Everything we have said so far covers act utilitarianism – application of a utilitarian calculus with a view to determining what is the moral course of action to take: you should, in this view, do what maximizes overall happiness for the greatest number – and you can take into account the long run, and so on. But, for rule utilitarianism, you should actually apply the utilitarian calculus not to the projected consequences of an action but to the projected consequences of adopting a certain rule of behavior for the whole society to follow in the long run. This saves utilitarianism from the embarrassment of cases like the one mentioned above and others like it – for instance, cases of sacrificing one innocent person to appease a riotous mob that is threatening many more lives in its violent path, or torturing the innocent daughter of a terrorist to induce the terrorist to turn himself in and prevent several deaths. But, switch now to rule utilitarianism and see what happens: What would be the consequences of adopting as a societal rule the random sacrifice of a healthy person for the sake of organ harvesting? It seems that a society that lived according to this rule could not be a happy society – people would be anxious lest the lot fell on them next time organ harvesting became necessary. Still, there are rules which, as a utilitarian, you will have to adopt as maximizing the happiness or utility of the greatest possible number, and which, at the same time, violate individual rights or other values we hold intrinsic and unalienable under most circumstances. This seems to be the Achilles’ heel of utilitarianism. But do not lose sight of the strengths of utilitarianism – mentioned above. Utilitarianism is the alternative to Kant’s ethical theory – called deontology. The two are the two major ethical theories.

Defining Utilitarianism.

Differing definitions

It may be noticed by the scholar of utilitarianism that the definition of the core of the theory (the principle of utility) has changed over the years, such that the modern version has a number of significant differences from that given by Jeremy Bentham:

“By the principle of utility is meant that principle which approves or disapproves of every action whatsoever, according to the tendency it appears to have to augment or diminish the happiness of the party whose interest is in question: or, what is the same thing in other words, to promote or to oppose that happiness.”
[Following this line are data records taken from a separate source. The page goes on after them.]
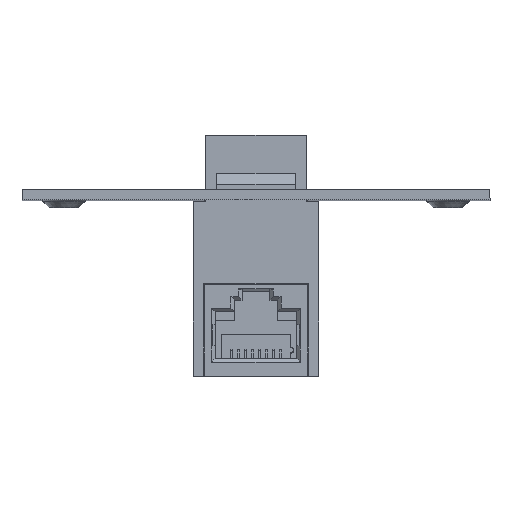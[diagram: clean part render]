
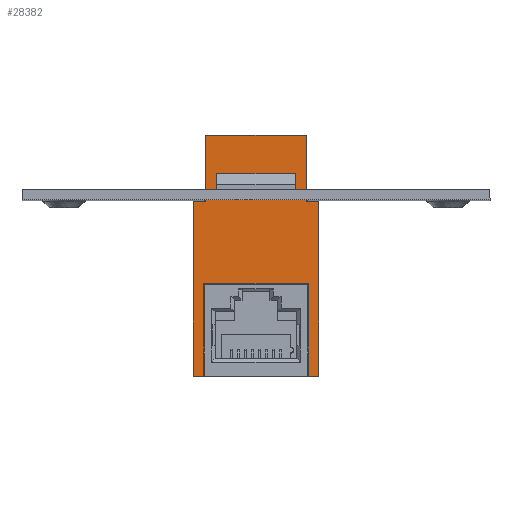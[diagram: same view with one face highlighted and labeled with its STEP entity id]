
A CAD part, top view. The second image highlights one B-rep face of the part: STEP entity #28382.
In plain terms, the highlighted face is planar.
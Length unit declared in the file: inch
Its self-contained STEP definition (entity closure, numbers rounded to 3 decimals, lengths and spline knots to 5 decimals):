
#67 = EDGE_CURVE ( 'NONE', #31774, #81, #32419, .T. ) ;
#81 = VERTEX_POINT ( 'NONE', #32498 ) ;
#4735 = CARTESIAN_POINT ( 'NONE',  ( -0.36, -0.15, -1.38 ) ) ;
#4736 = CARTESIAN_POINT ( 'NONE',  ( -0.36, -0.15, -0.38 ) ) ;
#4918 = CARTESIAN_POINT ( 'NONE',  ( 0.2875, -0.15, -0.38 ) ) ;
#4961 = CARTESIAN_POINT ( 'NONE',  ( -0.36, -0.15, 0.30221 ) ) ;
#4962 = LINE ( 'NONE', #4961, #5024 ) ;
#5023 = DIRECTION ( 'NONE',  ( 0., 0., 1. ) ) ;
#5024 = VECTOR ( 'NONE', #5023, 39.37008 ) ;
#5041 = DIRECTION ( 'NONE',  ( 0., 0., -1. ) ) ;
#5043 = VECTOR ( 'NONE', #5041, 39.37008 ) ;
#5074 = CARTESIAN_POINT ( 'NONE',  ( 0.2875, -0.15, -0.393 ) ) ;
#5075 = LINE ( 'NONE', #5074, #5043 ) ;
#5078 = CARTESIAN_POINT ( 'NONE',  ( 0.2875, -0.15, 0. ) ) ;
#5092 = CARTESIAN_POINT ( 'NONE',  ( -0.2875, -0.15, -0.38 ) ) ;
#5097 = CARTESIAN_POINT ( 'NONE',  ( -0.2875, -0.15, 0. ) ) ;
#5111 = DIRECTION ( 'NONE',  ( 0., 0., 1. ) ) ;
#5112 = VECTOR ( 'NONE', #5111, 39.37008 ) ;
#5114 = CARTESIAN_POINT ( 'NONE',  ( -0.2875, -0.15, 0. ) ) ;
#5121 = LINE ( 'NONE', #5114, #5112 ) ;
#7412 = CARTESIAN_POINT ( 'NONE',  ( -0.225, -0.15, -0.31 ) ) ;
#7469 = LINE ( 'NONE', #7517, #7516 ) ;
#7515 = DIRECTION ( 'NONE',  ( 0., 0., 1. ) ) ;
#7516 = VECTOR ( 'NONE', #7515, 39.37008 ) ;
#7517 = CARTESIAN_POINT ( 'NONE',  ( -0.225, -0.15, -0.488 ) ) ;
#7582 = DIRECTION ( 'NONE',  ( 1., 0., 0. ) ) ;
#7583 = VECTOR ( 'NONE', #7582, 39.37008 ) ;
#7584 = CARTESIAN_POINT ( 'NONE',  ( -0.273, -0.15, -0.22 ) ) ;
#7590 = LINE ( 'NONE', #7584, #7583 ) ;
#7685 = CARTESIAN_POINT ( 'NONE',  ( 0.225, -0.15, -0.22 ) ) ;
#7692 = CARTESIAN_POINT ( 'NONE',  ( -0.225, -0.15, -0.22 ) ) ;
#13071 = CARTESIAN_POINT ( 'NONE',  ( -0.3, -0.15, -0.8495 ) ) ;
#13488 = DIRECTION ( 'NONE',  ( 1., 0., 0. ) ) ;
#13489 = VECTOR ( 'NONE', #13488, 39.37008 ) ;
#13496 = LINE ( 'NONE', #13502, #13489 ) ;
#13502 = CARTESIAN_POINT ( 'NONE',  ( -0.2875, -0.15, -0.38 ) ) ;
#21202 = LINE ( 'NONE', #21329, #21328 ) ;
#21327 = DIRECTION ( 'NONE',  ( 1., 0., 0. ) ) ;
#21328 = VECTOR ( 'NONE', #21327, 39.37008 ) ;
#21329 = CARTESIAN_POINT ( 'NONE',  ( -0.405, -0.15, -1.38 ) ) ;
#22363 = DIRECTION ( 'NONE',  ( -1., 0., 0. ) ) ;
#22364 = VECTOR ( 'NONE', #22363, 39.37008 ) ;
#22365 = CARTESIAN_POINT ( 'NONE',  ( -0.273, -0.15, -0.31 ) ) ;
#22367 = LINE ( 'NONE', #22365, #22364 ) ;
#22369 = DIRECTION ( 'NONE',  ( 1., 0., 0. ) ) ;
#22370 = VECTOR ( 'NONE', #22369, 39.37008 ) ;
#22371 = CARTESIAN_POINT ( 'NONE',  ( -0.405, -0.15, -1.38 ) ) ;
#22384 = LINE ( 'NONE', #22371, #22370 ) ;
#22402 = DIRECTION ( 'NONE',  ( 1., 0., 0. ) ) ;
#22409 = AXIS2_PLACEMENT_3D ( 'NONE', #22425, #22424, #22402 ) ;
#22412 = FACE_BOUND ( 'NONE', #41784, .T. ) ;
#22418 = CARTESIAN_POINT ( 'NONE',  ( -0.3, -0.15, -1.38 ) ) ;
#22419 = PLANE ( 'NONE',  #22409 ) ;
#22424 = DIRECTION ( 'NONE',  ( 0., -1., 0. ) ) ;
#22425 = CARTESIAN_POINT ( 'NONE',  ( -0.273, -0.15, -0.488 ) ) ;
#22427 = FACE_OUTER_BOUND ( 'NONE', #28386, .T. ) ;
#22441 = CARTESIAN_POINT ( 'NONE',  ( 0.36, -0.15, -0.38 ) ) ;
#22473 = VECTOR ( 'NONE', #22477, 39.37008 ) ;
#22474 = DIRECTION ( 'NONE',  ( -1., 0., 0. ) ) ;
#22476 = CARTESIAN_POINT ( 'NONE',  ( 0.3, -0.15, -0.8495 ) ) ;
#22477 = DIRECTION ( 'NONE',  ( 0., 0., -1. ) ) ;
#22478 = CARTESIAN_POINT ( 'NONE',  ( -0.3, -0.15, 0. ) ) ;
#22479 = LINE ( 'NONE', #22478, #22473 ) ;
#22480 = LINE ( 'NONE', #22476, #22504 ) ;
#22481 = CARTESIAN_POINT ( 'NONE',  ( 0.3, -0.15, -0.8495 ) ) ;
#22482 = DIRECTION ( 'NONE',  ( -1., 0., 0. ) ) ;
#22483 = VECTOR ( 'NONE', #22482, 39.37008 ) ;
#22485 = LINE ( 'NONE', #22547, #22544 ) ;
#22490 = CARTESIAN_POINT ( 'NONE',  ( -0.273, -0.15, 0. ) ) ;
#22491 = LINE ( 'NONE', #22490, #22483 ) ;
#22492 = DIRECTION ( 'NONE',  ( 1., 0., 0. ) ) ;
#22493 = VECTOR ( 'NONE', #22492, 39.37008 ) ;
#22494 = CARTESIAN_POINT ( 'NONE',  ( 0.36, -0.15, -0.38 ) ) ;
#22495 = LINE ( 'NONE', #22494, #22493 ) ;
#22498 = DIRECTION ( 'NONE',  ( 0., 0., -1. ) ) ;
#22500 = VECTOR ( 'NONE', #22498, 39.37008 ) ;
#22501 = CARTESIAN_POINT ( 'NONE',  ( 0.36, -0.15, 0.30221 ) ) ;
#22502 = LINE ( 'NONE', #22501, #22500 ) ;
#22504 = VECTOR ( 'NONE', #22474, 39.37008 ) ;
#22532 = CARTESIAN_POINT ( 'NONE',  ( 0.3, -0.15, -1.38 ) ) ;
#22533 = CARTESIAN_POINT ( 'NONE',  ( 0.36, -0.15, -1.38 ) ) ;
#22544 = VECTOR ( 'NONE', #22546, 39.37008 ) ;
#22546 = DIRECTION ( 'NONE',  ( 0., 0., -1. ) ) ;
#22547 = CARTESIAN_POINT ( 'NONE',  ( 0.3, -0.15, 0. ) ) ;
#27929 = ORIENTED_EDGE ( 'NONE', *, *, #30864, .F. ) ;
#27936 = EDGE_CURVE ( 'NONE', #30791, #28379, #21202, .T. ) ;
#28361 = EDGE_CURVE ( 'NONE', #28442, #28441, #22384, .T. ) ;
#28362 = EDGE_CURVE ( 'NONE', #81, #31705, #22367, .T. ) ;
#28371 = ORIENTED_EDGE ( 'NONE', *, *, #31761, .T. ) ;
#28374 = ORIENTED_EDGE ( 'NONE', *, *, #30890, .F. ) ;
#28376 = ORIENTED_EDGE ( 'NONE', *, *, #28415, .F. ) ;
#28379 = VERTEX_POINT ( 'NONE', #22418 ) ;
#28380 = ORIENTED_EDGE ( 'NONE', *, *, #28362, .T. ) ;
#28382 = ADVANCED_FACE ( 'NONE', ( #22412, #22427 ), #22419, .T. ) ;
#28385 = ORIENTED_EDGE ( 'NONE', *, *, #28428, .F. ) ;
#28386 = EDGE_LOOP ( 'NONE', ( #28385, #28430, #28436, #41782, #28376, #28419, #28374, #28423, #42002, #42003, #27929, #42005 ) ) ;
#28414 = VERTEX_POINT ( 'NONE', #22441 ) ;
#28415 = EDGE_CURVE ( 'NONE', #28414, #28441, #22502, .T. ) ;
#28416 = EDGE_CURVE ( 'NONE', #30842, #28414, #22495, .T. ) ;
#28419 = ORIENTED_EDGE ( 'NONE', *, *, #28416, .F. ) ;
#28421 = EDGE_CURVE ( 'NONE', #30913, #30900, #22491, .T. ) ;
#28423 = ORIENTED_EDGE ( 'NONE', *, *, #28421, .T. ) ;
#28426 = ORIENTED_EDGE ( 'NONE', *, *, #31718, .T. ) ;
#28428 = EDGE_CURVE ( 'NONE', #41719, #28379, #22479, .T. ) ;
#28430 = ORIENTED_EDGE ( 'NONE', *, *, #28432, .F. ) ;
#28432 = EDGE_CURVE ( 'NONE', #28434, #41719, #22480, .T. ) ;
#28434 = VERTEX_POINT ( 'NONE', #22481 ) ;
#28436 = ORIENTED_EDGE ( 'NONE', *, *, #28438, .T. ) ;
#28438 = EDGE_CURVE ( 'NONE', #28434, #28442, #22485, .T. ) ;
#28441 = VERTEX_POINT ( 'NONE', #22533 ) ;
#28442 = VERTEX_POINT ( 'NONE', #22532 ) ;
#30790 = VERTEX_POINT ( 'NONE', #4736 ) ;
#30791 = VERTEX_POINT ( 'NONE', #4735 ) ;
#30842 = VERTEX_POINT ( 'NONE', #4918 ) ;
#30864 = EDGE_CURVE ( 'NONE', #30791, #30790, #4962, .T. ) ;
#30890 = EDGE_CURVE ( 'NONE', #30913, #30842, #5075, .T. ) ;
#30895 = EDGE_CURVE ( 'NONE', #30903, #30900, #5121, .T. ) ;
#30900 = VERTEX_POINT ( 'NONE', #5097 ) ;
#30903 = VERTEX_POINT ( 'NONE', #5092 ) ;
#30913 = VERTEX_POINT ( 'NONE', #5078 ) ;
#31705 = VERTEX_POINT ( 'NONE', #7412 ) ;
#31718 = EDGE_CURVE ( 'NONE', #31705, #31764, #7469, .T. ) ;
#31761 = EDGE_CURVE ( 'NONE', #31764, #31774, #7590, .T. ) ;
#31764 = VERTEX_POINT ( 'NONE', #7692 ) ;
#31774 = VERTEX_POINT ( 'NONE', #7685 ) ;
#32418 = CARTESIAN_POINT ( 'NONE',  ( 0.225, -0.15, -0.488 ) ) ;
#32419 = LINE ( 'NONE', #32418, #32462 ) ;
#32461 = DIRECTION ( 'NONE',  ( 0., 0., -1. ) ) ;
#32462 = VECTOR ( 'NONE', #32461, 39.37008 ) ;
#32498 = CARTESIAN_POINT ( 'NONE',  ( 0.225, -0.15, -0.31 ) ) ;
#41719 = VERTEX_POINT ( 'NONE', #13071 ) ;
#41767 = ORIENTED_EDGE ( 'NONE', *, *, #67, .T. ) ;
#41782 = ORIENTED_EDGE ( 'NONE', *, *, #28361, .T. ) ;
#41784 = EDGE_LOOP ( 'NONE', ( #41767, #28380, #28426, #28371 ) ) ;
#42002 = ORIENTED_EDGE ( 'NONE', *, *, #30895, .F. ) ;
#42003 = ORIENTED_EDGE ( 'NONE', *, *, #42007, .F. ) ;
#42005 = ORIENTED_EDGE ( 'NONE', *, *, #27936, .T. ) ;
#42007 = EDGE_CURVE ( 'NONE', #30790, #30903, #13496, .T. ) ;

The modern definition is effectively this:

An action is right if it produces as much or more of an increase in happiness of all affected by it than any alternative action, and wrong if it does not.

There are a number of differences between the two versions – my thoughts on these differences follow.

1. Subject matter

The modern version is explicitly to do with right and wrong, and, since utilitarianism is an ethical theory, this would seem to be quite appropriate. Bentham’s version is about approval and disapproval, and he seems quite unconcerned with right and wrong – indeed he goes on to say only that

Of an action that is conformable to the principle of utility one may always say either that it is one that ought to be done, or at least that it is not one that ought not to be done. One may say also, that it is right it should be done; at least that it is not wrong it should be done: that it is a right action; at least that it is not a wrong action. When thus interpreted, the words ought, and right and wrong and others of that stamp, have a meaning: when otherwise, they have none.

The apparent ambiguity from Bentham may be to cover the (hypothetical) case where two different actions have exactly equivalent results – Bentham may simply be avoiding the implication that someone ought do two mutually exclusive actions (if so, he uses a very blunt tool to achieve his task – see below). Or, and this is what I am inclined to believe, he just might not be particularly concerned with “right” and “wrong” as they are commonly understood. What I mean by this is that if we say, of two possible different exclusive actions, that one leads to a better state of affairs than the other, then we have said all that needs to be said about them… to go on to say that the first action is right and the second wrong either adds nothing, or it seems to suggest (some deontologists would say implies) that to do the second action is “blameworthy”, or “rightfully punishable”, or “morally disgusting” or some other phrase indicating a conditioned morality rather than an objective value-maximizing one – something that Bentham (and myself) would take care to avoid.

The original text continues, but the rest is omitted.